Sie hatte ja nicht ahnen können, dass sie dort eine Angriffsfläche für allerlei Nachtschwärmer sein würde, die sich gerne an ihr vergriffen hätten. Nach einer erschöpfenden Verfolgungsjagd - ein Glück, dass sie besser klettern konnte als diese Vandalen- hatte sie sich schließlich in einer Böschung an der Stadtmauer niedergelassen. Nicht weiter schlimm, aber auch nicht bequem.
Welch ein Wahnsinn..., sprachen ihre Gedanken und Layia schüttelte entschlossen den Kopf. Vergesse.
Die Halb-Tua'Tanai stieß sich von der Mauer ab und warf sich ins Gedränge des Marktplatzes, wo sie innerhalb weniger Augenblicke mit der Menge verschmolz. Nur durch den Birkenstab mit den seltsamen Zeichen darauf konnte man sie ausfindig machen.

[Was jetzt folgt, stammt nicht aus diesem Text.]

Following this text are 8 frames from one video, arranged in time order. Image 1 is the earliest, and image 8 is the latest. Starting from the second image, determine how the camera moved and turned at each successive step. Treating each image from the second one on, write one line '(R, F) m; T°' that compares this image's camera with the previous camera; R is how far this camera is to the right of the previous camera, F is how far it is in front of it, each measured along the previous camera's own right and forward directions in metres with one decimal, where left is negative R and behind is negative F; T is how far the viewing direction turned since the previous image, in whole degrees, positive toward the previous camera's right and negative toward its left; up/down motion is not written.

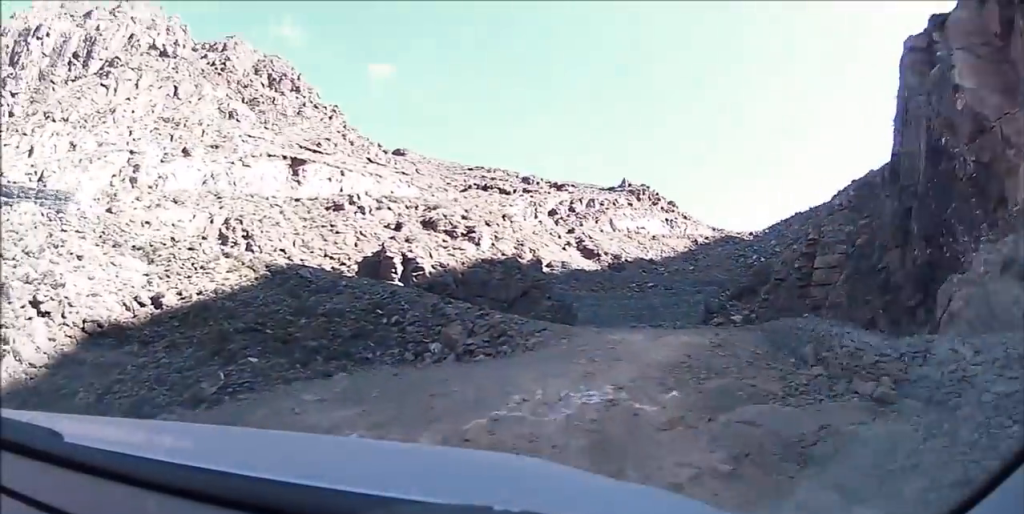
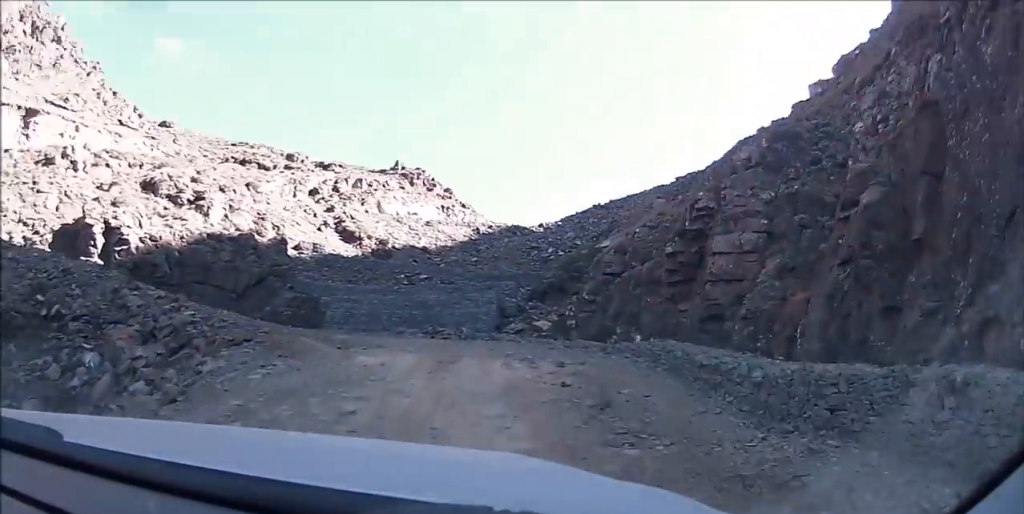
(0.0, +14.3) m; -4°
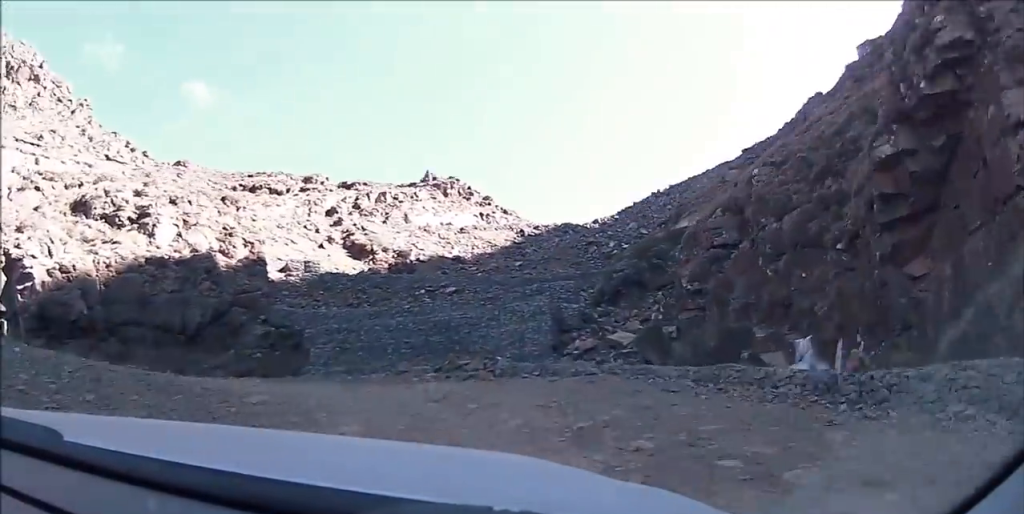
(-0.7, +11.1) m; -28°
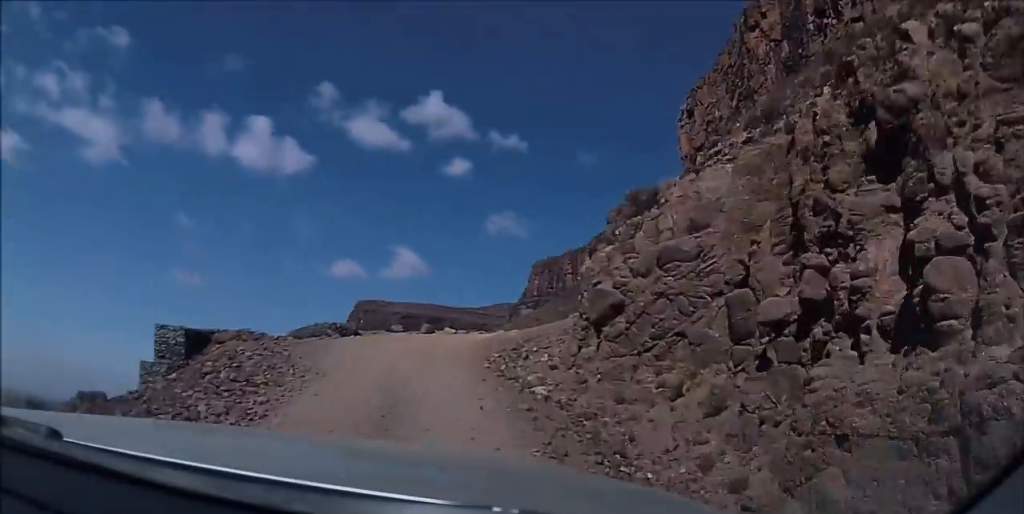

Sie kämpfte sich am Rande des Platzes bis zu einem der großen Lindenbäume vor. Dieser Tag bot eigentlich gute Chancen ein guter Tag zu werden.
An der großen, einzel stehenden Linde angekommen, ließ sie ihre Tasche zu Boden gleiten, setzte sich daneben und packte ihre Flöte aus. Während sie das Instrument mit den Fingern wärmte, sondierte sie ihre Umwelt.
Sie saß etwas erhöht in dem von Steinen umgrenzten Erdhügel, in dessen Mitte die Linde wuchs, eingefasst von frühlingsgrünem Gras. Von hier aus konnte sie die Köpfe der Leute zwar nicht überblicken, aber der Klang würde sich einigermaßen gut ausbreite können. Es war eine der ruhigeren Ecken des Marktplatzes, hier kamen viele Leute nur vorbei um zum nächsten, großeren Stand zu gelangen.
Um so besser für Layia, die auf die ein oder andere im Vorbeigehen geworfene Münze hoffte.